3. Show how you would implement a masked instruction from the AVX-512 instruction set using only AVX-2 instructions. Comment on the advantages of masks. Comment on how masks can reduce power usage in an actual hardware implementation.

4. Transpose a N×N matrix using scatter instructions. What is the bottleneck of a naive implementation? How does tiling help? Compare the number of bytes written to main memory.

5. How effective is hyperthreading when both thread run vector-heavy code? Could you transpose two matrices on two threads in the same time as one matrix on one thread?

Q6 Consider the following RISC-V instruction sequence:

```
lw t0, 10(r0)
addi t0, t0, 1
sw t0, 10(r0)
```

Answer the following questions:

1. Draw a timing diagram indicating how this instruction would execute on a typical 5-stage pipeline. Consider the load, store and add instructions. Describe what happens during the execution of each instruction in each of the pipeline stages, enumerating the actions in a list.
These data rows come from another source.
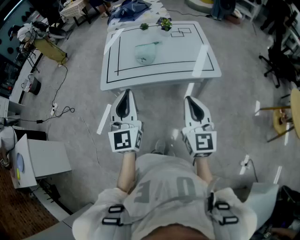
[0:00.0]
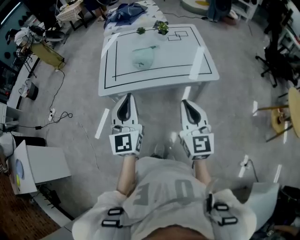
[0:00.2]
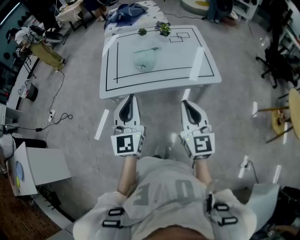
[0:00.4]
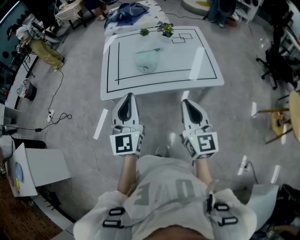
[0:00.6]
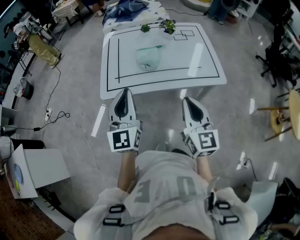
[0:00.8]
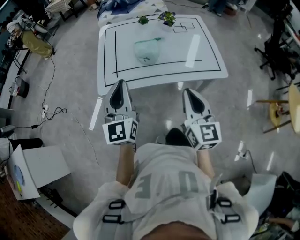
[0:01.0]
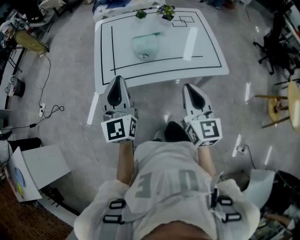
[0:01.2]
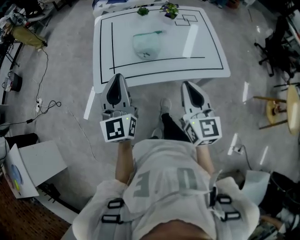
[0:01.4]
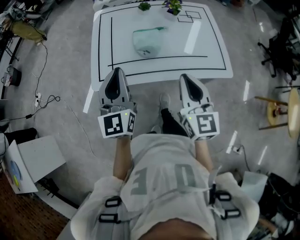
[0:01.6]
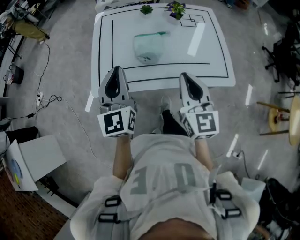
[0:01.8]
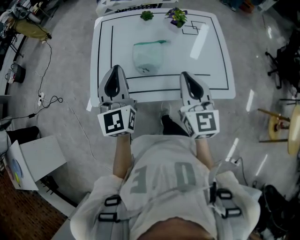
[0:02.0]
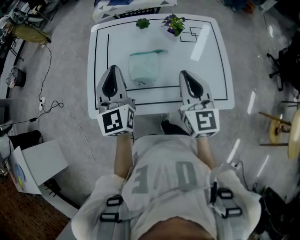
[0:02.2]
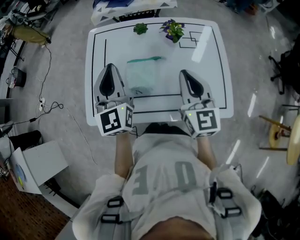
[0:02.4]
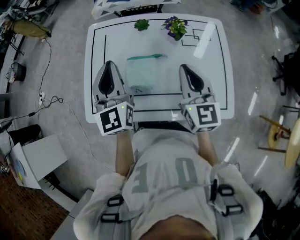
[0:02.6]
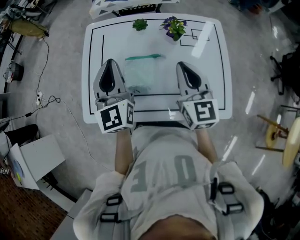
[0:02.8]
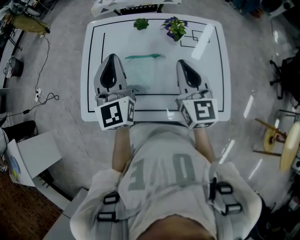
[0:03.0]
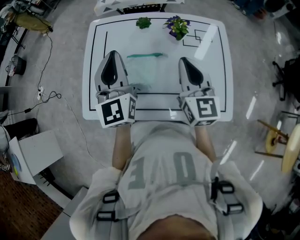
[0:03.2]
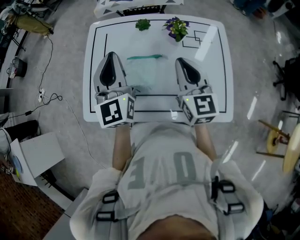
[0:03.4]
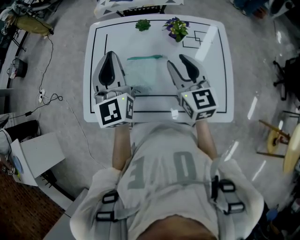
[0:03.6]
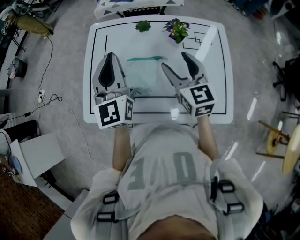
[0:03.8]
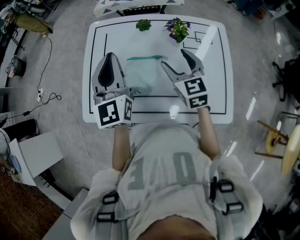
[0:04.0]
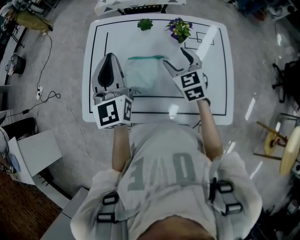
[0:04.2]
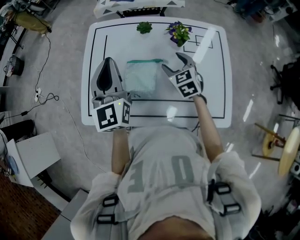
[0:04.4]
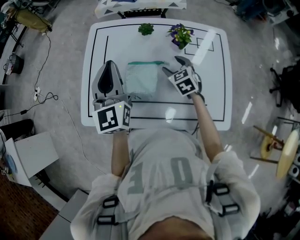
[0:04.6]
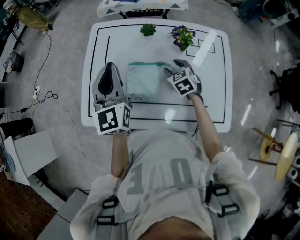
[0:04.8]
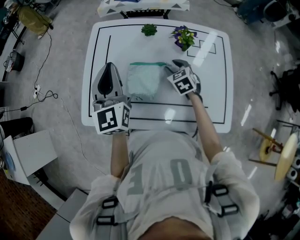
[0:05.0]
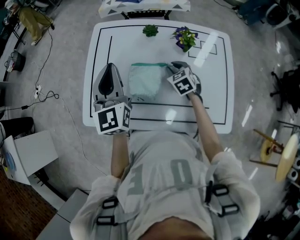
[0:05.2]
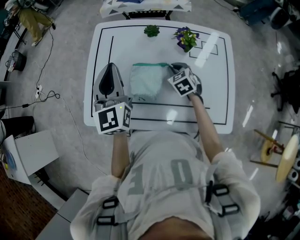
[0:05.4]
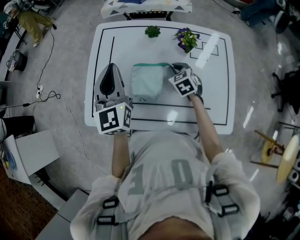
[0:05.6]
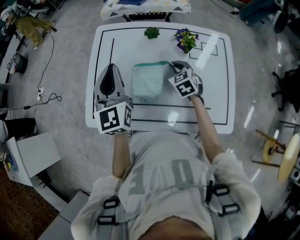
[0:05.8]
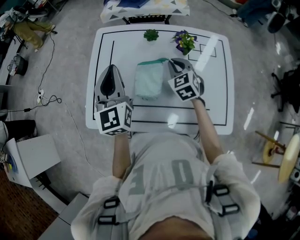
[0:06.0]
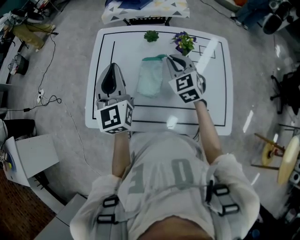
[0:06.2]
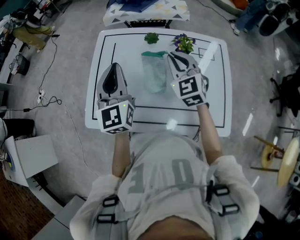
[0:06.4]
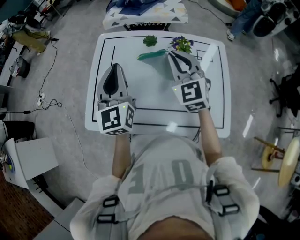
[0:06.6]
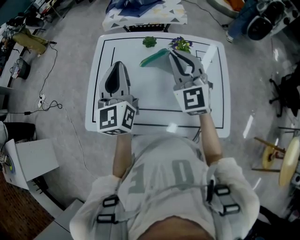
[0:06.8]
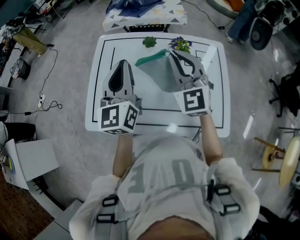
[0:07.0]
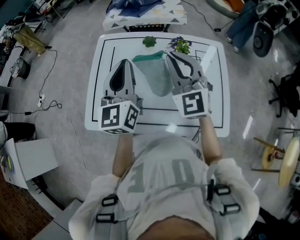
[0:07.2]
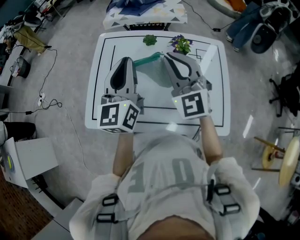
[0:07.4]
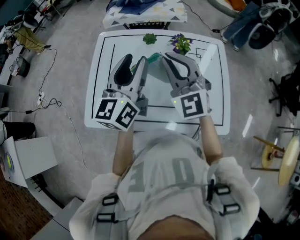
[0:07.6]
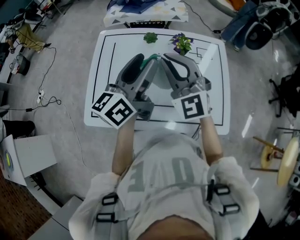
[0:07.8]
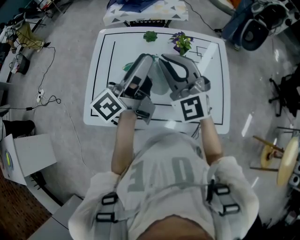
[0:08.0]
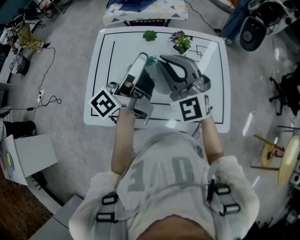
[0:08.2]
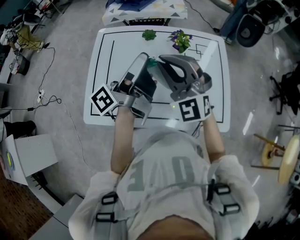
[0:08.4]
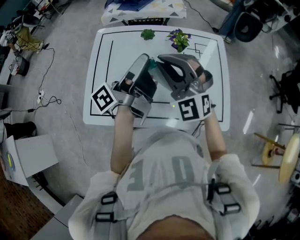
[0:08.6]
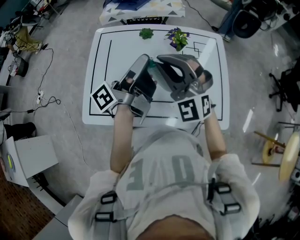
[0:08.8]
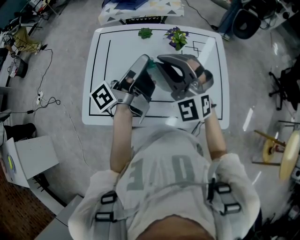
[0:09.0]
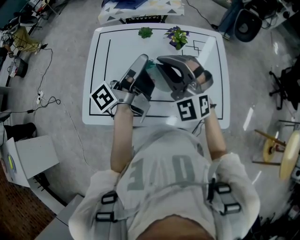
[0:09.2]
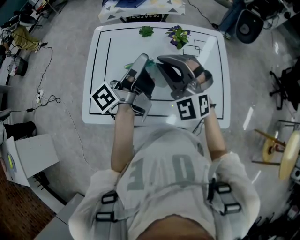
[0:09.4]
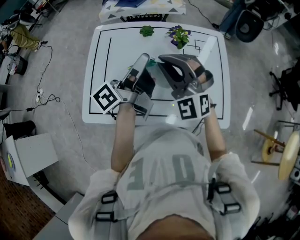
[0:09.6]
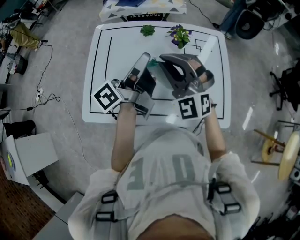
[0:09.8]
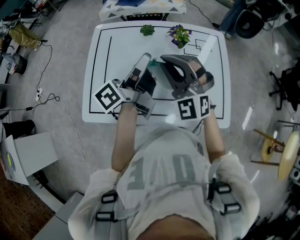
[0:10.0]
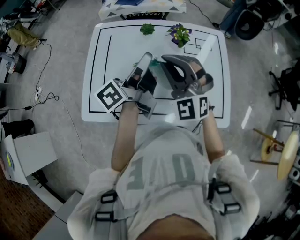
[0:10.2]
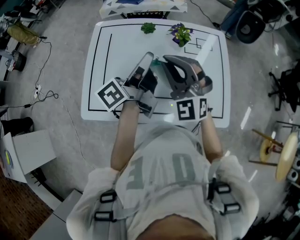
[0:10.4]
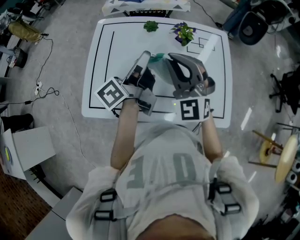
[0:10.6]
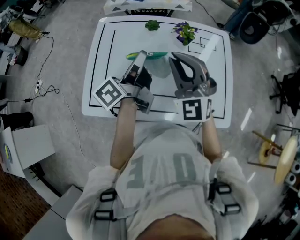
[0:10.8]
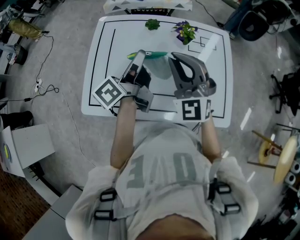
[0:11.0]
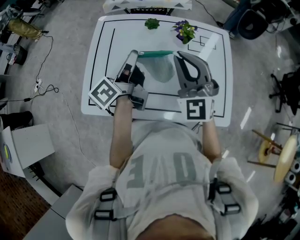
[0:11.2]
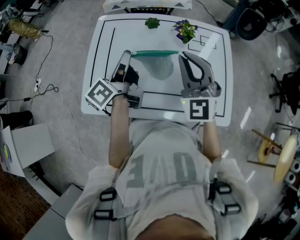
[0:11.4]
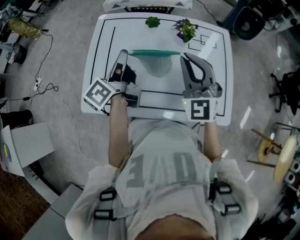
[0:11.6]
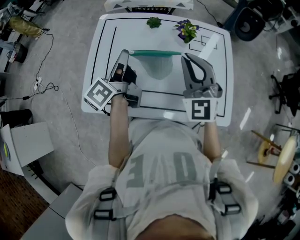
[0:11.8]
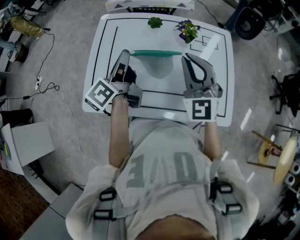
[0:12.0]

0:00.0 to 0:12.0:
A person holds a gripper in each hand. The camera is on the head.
0:00.0 to 0:01.6: Both grippers move forward and to the left, about 20 cm.
0:01.6 to 0:03.0: The left gripper shifts some 25 cm forward and to the right. Meanwhile the right gripper moves forward, roughly 25 cm.
0:03.0 to 0:04.4: The right gripper moves downward and forward, some 20 cm, tilts its fingers some 30 degrees downward, and opens its fingers.
0:04.4 to 0:06.0: The right gripper reaches roughly 5 cm downward, then returns, and closes its fingers.
0:06.0 to 0:07.6: The right gripper heads upward, covering approximately 20 cm, and changes its angle by roughly 40 degrees. Meanwhile the left gripper heads to the right and upward, covering some 10 cm, swivels approximately 30 degrees, and opens its fingers.
0:07.6 to 0:09.0: The left gripper rolls counterclockwise, seen from behind, by roughly 60 degrees, and closes up.
0:09.0 to 0:10.4: The grippers make only small movements.
0:10.4 to 0:12.0: The left gripper travels to the left by about 10 cm, and turns by roughly 20 degrees.

2. Show how you would reduce the pipeline to 4 stages. What stages would you keep and what new stage would you introduce? Show how the instructions would execute on this pipeline.

3. What is the main disadvantage of the previous implementation? Increase the maximum clock rate by providing a 4-stage implementation which does not stall. Describe the function of each pipeline stage. 

   *Hint:* Consider \( \text{lw t0, 10(r0)} \). Compute \( r0 + 10 \) in one stage and do the load in another. In which stage do you need to perform the addition for the \( \text{addi} \) instruction?

4. Describe in detail at least 3 different ways of forwarding \( t0 \) to the last add instruction.

   ```
   addi t0, t0, 1
   addi t1, t0, 1
   addi t2, t1, t0
   ```

Q7 The -ftrapv option available in gcc and clang emits instructions to trap on integer overflow. Consider the following function:

```c
int f(int a, int b) {
    return a + b;
}
```

1. Why are integer overflows problematic? You can answer with a list of exploded rockets.

2. What instructions would you emit to implement the given function, detecting overflow? Show the instruction listings generated by clang and comment on the performance of each implementation on X86, ARMv7 and AArch64. If you are brave, build a version of clang with the MIPS backend:
You can then compile your source using:

g++ overflow.c -o overflow.S -S -ftrapv -c -O3 -fomit-frame-pointer -target mips

3. How does hardware support for exceptions on overflow facilitate the implementation of a safe language? Are precise or imprecise exceptions required?

4. How could you optimise null pointer checks using exceptions? You can look at Java.

5. Assuming you have a bytecode interpreter which has a GET n instruction to fetch a word from virtual address n, show how you could build a safe interpreter without performing a bounds check. The memory used by the bytecode VM is linear and of size s.